Tous les candidats ont la même réaction lorsqu’on leur agite des enquêtes d’opinion sous le nez : ils ne se fient pas aux sondages, mais préfèrent tabler sur leurs observations de terrain. Simple pirouette, parfois sincère, tantôt démago, qui traverse l’échiquier politique dans son ensemble. Laissons ici de côté les polémiques redondantes à l’égard des instituts de sondage, qui ont largement fait preuve d’incapacité et de désordre par le passé. Intéressons nous, comme le souhaitent les candidats, aux données récoltées sur le terrain. Si l’on s’y attarde, Sarkozy est effectivement en pleine déroute politique : personne ne s’intéresse plus au candidat du peuple, hormis quelques vieillards très à droite et de nombreux jeunes cons embourgeoisés. Son échec tonitruant lors du meeting à la concorde (à lire, un article édifiant sur le mensonge de l’UMP) prouve réellement le manque d’engouement auquel est confronté le président-candidat. Idem pour François Bayrou, qui peine à rassembler 3000 sympathisants au zénith de Lille, quand Mélenchon en attirait il y a un mois près de 20 000. François Hollande, lui, qui s’enorgueillit d’avoir pu rassembler 100 000 personnes au château de Vincennes le 15 avril dernier, ne doit pas oublier la teneur des rassemblements hautement supérieurs auxquels se livrait son ancêtre François Mitterrand. Marine Le Pen, complètement hors jeu, a réuni 6000 partisans au zénith de Paris le 17 avril dernier.

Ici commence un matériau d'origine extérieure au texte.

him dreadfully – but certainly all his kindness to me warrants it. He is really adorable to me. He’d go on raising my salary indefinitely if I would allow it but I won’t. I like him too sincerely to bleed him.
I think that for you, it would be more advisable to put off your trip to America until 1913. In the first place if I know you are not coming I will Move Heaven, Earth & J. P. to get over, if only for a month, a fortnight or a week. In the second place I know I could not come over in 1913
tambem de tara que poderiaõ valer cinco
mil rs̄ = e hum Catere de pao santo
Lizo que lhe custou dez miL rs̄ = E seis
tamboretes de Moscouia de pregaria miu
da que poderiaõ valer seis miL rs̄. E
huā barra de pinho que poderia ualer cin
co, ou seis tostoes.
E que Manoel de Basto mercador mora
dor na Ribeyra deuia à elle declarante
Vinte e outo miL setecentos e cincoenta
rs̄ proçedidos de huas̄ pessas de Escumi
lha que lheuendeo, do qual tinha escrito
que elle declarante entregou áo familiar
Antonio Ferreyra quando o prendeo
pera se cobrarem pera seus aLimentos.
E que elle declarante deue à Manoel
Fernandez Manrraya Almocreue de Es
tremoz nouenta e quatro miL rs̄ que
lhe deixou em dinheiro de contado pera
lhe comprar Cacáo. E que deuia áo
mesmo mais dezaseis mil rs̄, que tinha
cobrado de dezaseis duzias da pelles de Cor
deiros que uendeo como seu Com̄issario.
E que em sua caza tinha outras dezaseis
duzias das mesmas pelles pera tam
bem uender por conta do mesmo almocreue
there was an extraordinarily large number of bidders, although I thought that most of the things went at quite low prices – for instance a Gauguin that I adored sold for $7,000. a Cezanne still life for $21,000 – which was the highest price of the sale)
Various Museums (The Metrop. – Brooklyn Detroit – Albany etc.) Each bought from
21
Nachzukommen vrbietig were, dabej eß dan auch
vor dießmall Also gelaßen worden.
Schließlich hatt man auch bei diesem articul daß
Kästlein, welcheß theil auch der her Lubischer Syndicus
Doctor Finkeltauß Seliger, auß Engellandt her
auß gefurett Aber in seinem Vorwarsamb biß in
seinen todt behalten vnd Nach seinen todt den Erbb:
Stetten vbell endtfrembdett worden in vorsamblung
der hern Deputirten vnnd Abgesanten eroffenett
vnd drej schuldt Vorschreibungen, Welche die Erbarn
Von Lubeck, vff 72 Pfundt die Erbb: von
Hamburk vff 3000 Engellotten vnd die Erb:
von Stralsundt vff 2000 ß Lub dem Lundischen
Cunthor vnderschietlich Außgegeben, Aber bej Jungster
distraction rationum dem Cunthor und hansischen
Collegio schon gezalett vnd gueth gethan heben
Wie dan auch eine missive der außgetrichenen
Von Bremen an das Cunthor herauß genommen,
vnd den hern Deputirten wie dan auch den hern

Marianne malmenée au meeting de Nicolas Sarkozy von guillaumemeurice

Le tableau est donc bien sombre pour quiconque voudrait mesurer son aura au nombre de personnes mobilisées sur le terrain. Pour tous les candidats, tenir un meeting relève de l’épreuve de force et de l’exploit. Pour tous ? Pas exactement, car là où les autres peinent à rassembler les foules, Jean-Luc Mélenchon parvient à des faits de gloire jamais atteints. 120 000 personnes à paris le 18 mars, 70 000 à Toulouse quelques semaines plus tard, et 120 000 personnes sur les plages du Prado à Marseille. Voila de quoi faire rêver les journalistes. Si aujourd’hui il paraît relativement ingénu de croire que Jean-Luc Mélenchon puisse se hisser au second tour du scrutin, il n’en demeure pas moins impensable que cet engouement ne se traduise pas dans les urnes. Des éditocrates en tous genres  qui auront salué la performance du candidat, aucun ne se sera demandé si elle relevait du pur folklore ou d’une réalité politique. Dommage, car il me semble que la suite des évènements donnera raison à la seconde théorie.